Единственное, что ей бросилось в глаза, – это появление новых коньков-дутышей, мертво приклепанных к роскошным кожаным ботинкам, Валя не успел их спрятать, да и спрятать было мудрено – от ботиночной кожи шел такой вкусный запах, что по духу этому их можно было найти где угодно.
– Что это? – Мать рассеянно взяла в руки один ботинок, близоруко щурясь, оглядела лезвие конька. Поскребла по нему ногтем.
– Коньки, – сказал Валентин.
– Я понимаю. Где взял?
– Дали на время. Приятель. Ты его не знаешь.
– Новые коньки? – усомнилась мать. – Я понимаю – старые бы…
– Друг потому и зовется другом, что он готов отдать не только то, что ему не нужно, а то, что ему позарез, по горло нужно.
– Мудрено говоришь, Валя!
– Мам, да этому ты меня выучила – ты-ы… Чего же тут мудреного?
Мать что-то проворчала, лицо ее довольно расплылось, сделалось плоским, и Пургин понял, в чем дело: мать сегодня выпила. От нее пахло кагором.
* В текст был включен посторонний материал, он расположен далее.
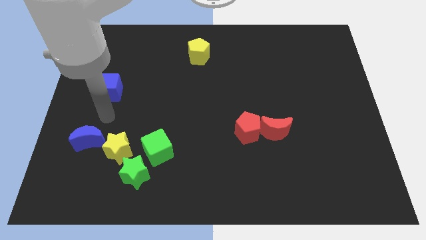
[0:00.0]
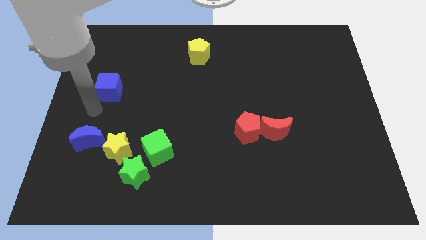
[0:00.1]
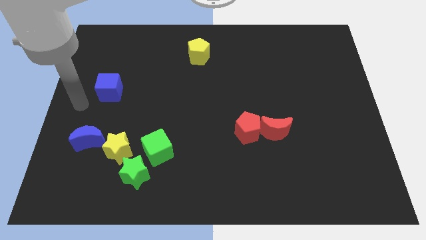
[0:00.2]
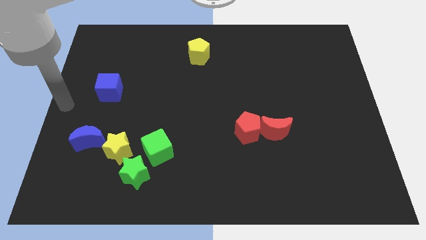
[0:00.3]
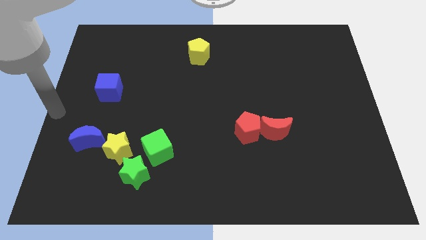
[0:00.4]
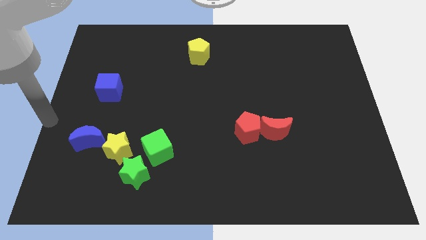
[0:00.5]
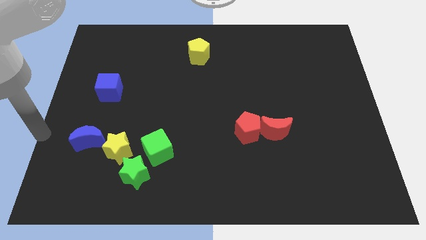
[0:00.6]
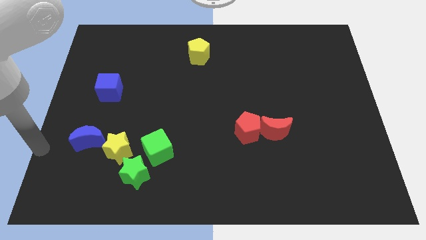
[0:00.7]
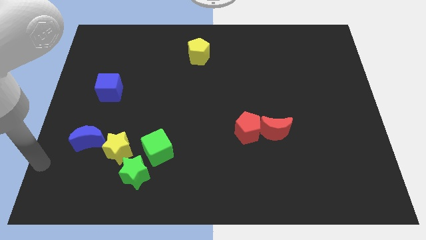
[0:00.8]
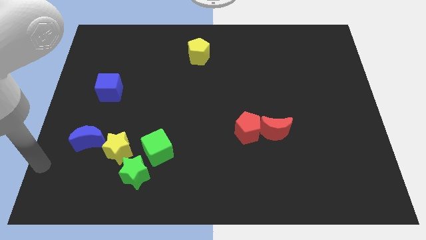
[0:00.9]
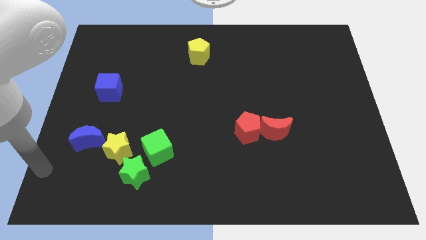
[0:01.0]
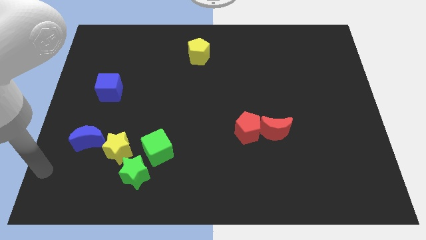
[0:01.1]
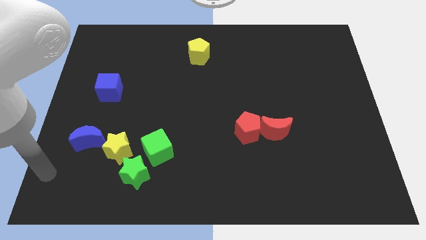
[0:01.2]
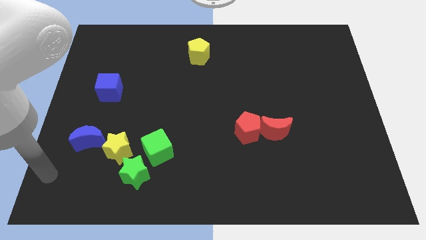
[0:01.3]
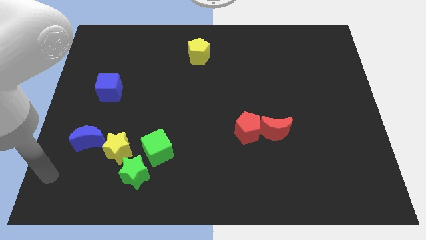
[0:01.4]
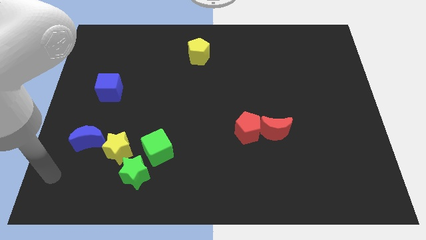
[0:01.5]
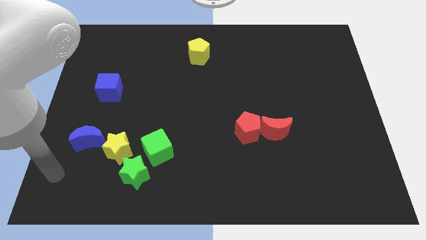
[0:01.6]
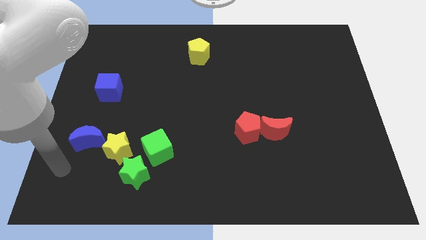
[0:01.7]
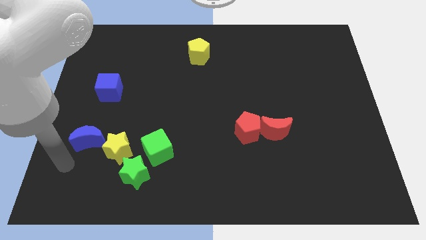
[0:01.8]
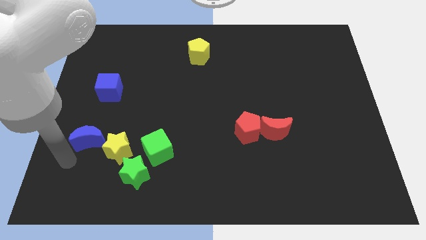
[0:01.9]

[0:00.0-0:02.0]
point your arm at the bottom of the blue crescent

Мать любила это старое монастырское вино, считавшееся целебным – душистое, сладкое, но из всех кагоров покупала только крымский – черный, как деготь, тягучий, искристый.
– Как зовут твоего дружка, я хоть знаю?
– Я же сказал – не знаешь.
– А зовут как?
– Толя. Анатолий Попов.
– Нет, не знаю, – вздохнула мать и опустила на колени тяжелые руки, – дружки какие-то у тебя новые…
– Какие, мам?
– Плохие, – не выдержала она.
– Чем же плох, например, Толя Попов, которого ты совсем не знаешь?
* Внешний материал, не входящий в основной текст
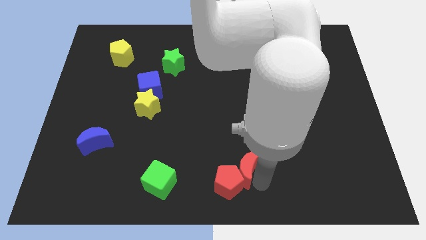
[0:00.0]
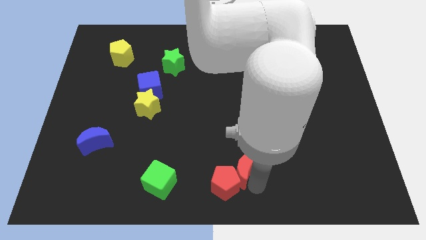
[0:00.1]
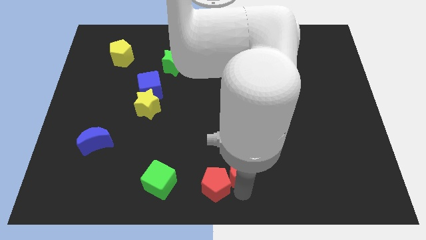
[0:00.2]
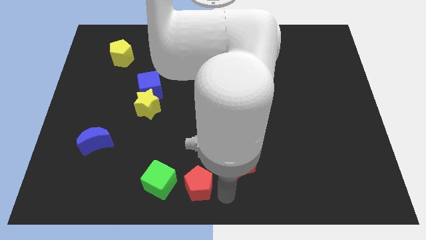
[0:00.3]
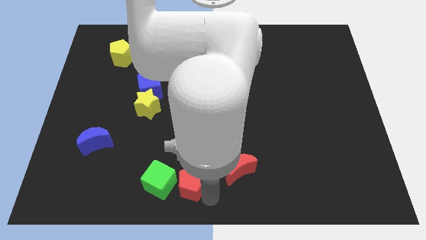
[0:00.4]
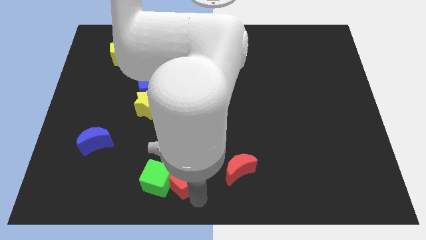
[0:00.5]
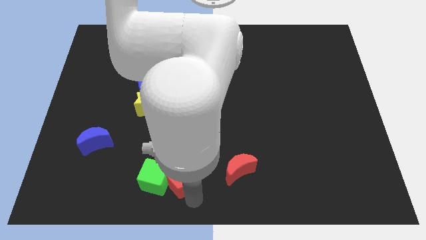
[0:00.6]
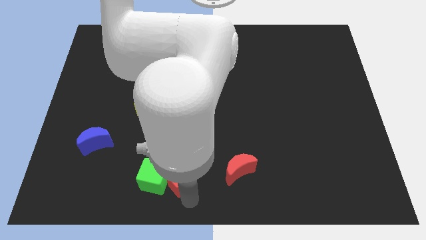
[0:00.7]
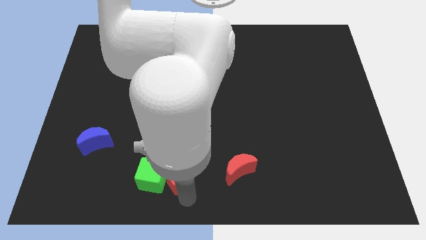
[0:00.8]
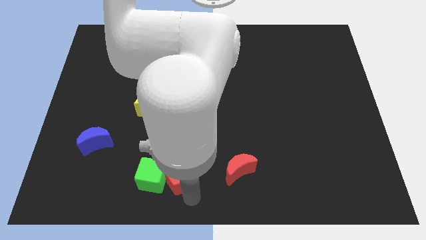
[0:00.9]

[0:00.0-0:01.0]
push red pentagon into the green cube

– Да тем, что отдал тебе совершено новые коньки. Никакой нормальный дружок за просто так, за здорово живешь, не даст тебе новых коньков. Если даст, то только старые, дырявые и ржавые.
– Сейчас, мама, поменялись все ценности, – сдерживая себя, тихо сказал Пургин, – все стало другим.
– Мудрено говоришь, Валь. Не зашли ль у тебя шарики за ролики? Больно ученый…
– Разве это плохо?
– Да ты выглядишь старше, чем есть на самом деле, – старше самого себя.
– Мама, это – моя проблема. Я уже перешагнул возраст детской опеки.
На глазах матери показалась слезы, она горестно качнула головой:
– Эх, Валя, Валя…
– Не надо мама, – Пургину стало жалко мать, виски обжало, в них заплескался теплый жидкий звон, – не надо, пожалуйста!
– Боюсь я за тебя, Валь. Время надвигается худое.
– Какое худое? Мы успешно строим социализм, потом будем строить коммунизм, народ поет, он сыт, обут, одет. Чем же время плохое?
– Ничего-то ты не понимаешь, – мать вздохнула, – ничего-то ты не видишь.
Через неделю к Пургину заявился Коряга, улыбаясь, встал в двери.
– Тебя хочет видеть Арнольд Сергеевич. Приоденься – я подозреваю, будет хороший обед.
– Сапфир Сапфирович…
– Что-что?
– Да я Арнольда Сергеевича Сапфиром Сапфировичем зову. Про себя. Я всем для удобства даю клички.
– Сапфир Сапфирович – это красиво, – Коряга задумался, улыбка исчезла с его лица, – значит, и у меня есть кличка?
– Пока нет.
– Еще не придумал?
– Не придумал.
– Но все же дашь прозвище?
Пургин неопределенно приподнял плечи.
– Наверное.
– А какое?
– М-м-м… Я назову тебя голубем мира. Голубь мира – красиво звучит. Как строка из песни.
– А если Сапфир Сапфирович узнает, что ты его так зовешь?
«Но ты же об этом не скажешь, Коряга?» – Пургин помассировал кулаки, самый сгиб, остро выступающие костяшки.
– Но ты же ему не скажешь, Толя?
– Никогда ни на кого не доносил.
Пургин быстро оделся. Слава богу, у него было, что одеть – и пиджак из бостона – правда, неновый, перелицованный, но все же бостоновый. Бостон, даже перевернутый на изнанку, – это бостон, превосходная ткань, сработанная из чистой шерсти, и пиджак был перелицован умело, к пиджаку Валя всегда держал готовыми серые брюки с тщательно отутюженной стрелкой – такой острой, что о нее можно было порезаться, извините за штампованное сравнение, и туфли новые у Вали были – мать постаралась, купила в какой-то там своей очень закрытой лавке.